ORKNEY is set to enjoy cheaper ferry fares – and potentially even more tourists – after a landmark legal case.

Plans for road-equivalent-tariff or RET fares to the Northern Isles were supposed to be in place by last summer.

Transport watchers expected Orkney – already overwhelmed with cruise ship traffic – to be hit by a tourist influx, just as Scotland’s west coast islands were earlier.

However, RET plans were delayed by a challenge to overall subsidies to the routes from a private operator.

Pentland Ferries, which believed the subsidies to the main publicly owned but privately operated Northlink ferry franchise were excessive.

The firm, one of just two private car ferry operators in Scotland, challenged the lawfulness of a proposed subsidy under a single public service contract on ferry routes between Scrabster, in Caithness, and Stromness on Orkney, along with Aberdeen to Kirkwall, in Orkney, and Lerwick, in Shetland, and between Kirkwall and Lerwick.

The firm, which operates its own ferry business between Gills Bay in Caithness and St Margaret’s Hope on South Ronaldsay,, in Orkney, first saw its challenge rejected by a judge at the Court of Session in Edinburgh earlier this year.

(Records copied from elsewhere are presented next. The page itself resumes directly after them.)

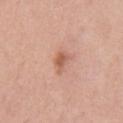On the chest. The lesion-visualizer software estimated a shape eccentricity near 0.75 and a symmetry-axis asymmetry near 0.35. The tile uses white-light illumination. The lesion's longest dimension is about 2.5 mm. A male patient roughly 55 years of age. A lesion tile, about 15 mm wide, cut from a 3D total-body photograph.
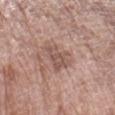{"biopsy_status": "not biopsied; imaged during a skin examination", "patient": {"sex": "female", "age_approx": 70}, "lesion_size": {"long_diameter_mm_approx": 4.5}, "site": "left upper arm", "lighting": "white-light", "image": {"source": "total-body photography crop", "field_of_view_mm": 15}, "automated_metrics": {"area_mm2_approx": 8.5, "eccentricity": 0.8, "shape_asymmetry": 0.35, "cielab_L": 54, "cielab_a": 19, "cielab_b": 24, "vs_skin_darker_L": 9.0, "border_irregularity_0_10": 4.5, "color_variation_0_10": 3.0, "peripheral_color_asymmetry": 1.0, "nevus_likeness_0_100": 0, "lesion_detection_confidence_0_100": 100}}
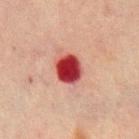The lesion was photographed on a routine skin check and not biopsied; there is no pathology result. Longest diameter approximately 3.5 mm. Cropped from a whole-body photographic skin survey; the tile spans about 15 mm. A male subject approximately 70 years of age. This is a cross-polarized tile. The lesion is located on the back.

It appealed against Lord Boyd of Duncansby’s ruling.

READ MORE: Experts demand action to solve Scotland’s ferry crisis 

But yesterday three civil judges ruled that the appeal should be refused.

The firm, whose services are not subsidised, challenged the inclusion of the Scrabster route across the Pentland Firth within the contract and maintained that subsiding it threatened its competing business.

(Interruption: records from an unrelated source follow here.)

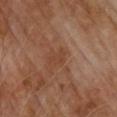Part of a total-body skin-imaging series; this lesion was reviewed on a skin check and was not flagged for biopsy. A male subject, roughly 70 years of age. The lesion is on the upper back. Automated tile analysis of the lesion measured an area of roughly 2.5 mm², an eccentricity of roughly 0.85, and two-axis asymmetry of about 0.45. And it measured a lesion color around L≈41 a*≈21 b*≈30 in CIELAB, roughly 5 lightness units darker than nearby skin, and a normalized border contrast of about 5. And it measured border irregularity of about 5 on a 0–10 scale and radial color variation of about 0. And it measured a nevus-likeness score of about 0/100 and lesion-presence confidence of about 100/100. About 3 mm across. Cropped from a whole-body photographic skin survey; the tile spans about 15 mm. Captured under cross-polarized illumination.
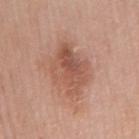Part of a total-body skin-imaging series; this lesion was reviewed on a skin check and was not flagged for biopsy. A 15 mm close-up tile from a total-body photography series done for melanoma screening. Automated tile analysis of the lesion measured a mean CIELAB color near L≈54 a*≈22 b*≈29, roughly 10 lightness units darker than nearby skin, and a normalized border contrast of about 7. It also reported an automated nevus-likeness rating near 15 out of 100 and lesion-presence confidence of about 100/100. The patient is a male aged 78–82. From the mid back.
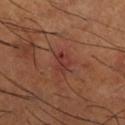Context:
A region of skin cropped from a whole-body photographic capture, roughly 15 mm wide. From the right lower leg. Measured at roughly 2.5 mm in maximum diameter. An algorithmic analysis of the crop reported an average lesion color of about L≈36 a*≈27 b*≈26 (CIELAB) and about 7 CIELAB-L* units darker than the surrounding skin. It also reported a border-irregularity rating of about 2.5/10, a within-lesion color-variation index near 2.5/10, and radial color variation of about 1. The analysis additionally found a classifier nevus-likeness of about 0/100. The subject is a male approximately 65 years of age.

Its counsel, Mark Lindsay QC, earlier described the move as “an existential threat” to the ferry firm.

The Scottish Government invited bids for a new contract for the mainland to Northern Isles ferry links between Aberdeen, Kirkwall, Lerwick, Scrabster and Stromness which envisaged five ferries being deployed.

The estimated value of the subsidy for the contract over an eight-year period is £370 million. and

It is due to be awarded on August 2.

Bidders included Serco, which currently runs services, and CalMac.

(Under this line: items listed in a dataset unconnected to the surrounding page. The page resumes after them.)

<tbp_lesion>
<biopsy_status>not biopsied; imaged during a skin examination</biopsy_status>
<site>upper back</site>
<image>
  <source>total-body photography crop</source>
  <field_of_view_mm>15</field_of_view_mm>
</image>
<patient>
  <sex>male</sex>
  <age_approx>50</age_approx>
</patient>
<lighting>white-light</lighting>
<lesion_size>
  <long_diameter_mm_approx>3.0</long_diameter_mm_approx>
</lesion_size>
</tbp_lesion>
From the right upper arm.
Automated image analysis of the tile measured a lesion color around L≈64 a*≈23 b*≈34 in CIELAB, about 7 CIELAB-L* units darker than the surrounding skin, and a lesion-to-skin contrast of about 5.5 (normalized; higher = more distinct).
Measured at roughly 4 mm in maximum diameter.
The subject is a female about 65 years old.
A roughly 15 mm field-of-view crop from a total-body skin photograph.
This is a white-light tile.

Unions and the Labour party have backed a CalMac bid to effectively fully nationalise what are lifeline services.

Scotland’s senior judge the Lord President, Lord Carloway, said it was for the Scottish ministers to decide what would constitute an adequacy of service.

“If only the petitioners’ [Pentland Ferries] service operated, the respondents were entitled to

hold that the services across the Pentland Firth would be inadequate,” he said

“The market would fail to meet the demand.

“There would be insufficient service to meet a real public need, especially in the peak season and

if problems arose, for whatever reason, on the petitioners’ route,” he said.

The senior judge said the ministers were also entitled to take into account the advantages of the Scrabster crossing in terms of convenience as an alternative route.

Lord Carloway said “bundling” routes together was a recognised way of producing economies of scale and attracting operators.

He said it was not unlawful if it did not produce “undue market distortions” and it did not appear to do that.

READ MORE: Calls mount for lifeline Northern Isles ferry services to be fully nationalised 

Lord Drummond Young, who heard the appeal with the Lord President and Lord Menzies at the Court of Session, said that at this stage the court had to rely on the ministers observing their legal obligations in a proper manner.

He said: “Provided they do so, any risk to the economic viability of the petitioners’ own ferry service should be kept as a minimal level or eliminated.”

An independent report by Ekosgen in 2017 urged Orkney Islands Council and Highlands and Islands Enterprise to look carefully at the impact of RET on visitor numbers in light of Hebridean experiences.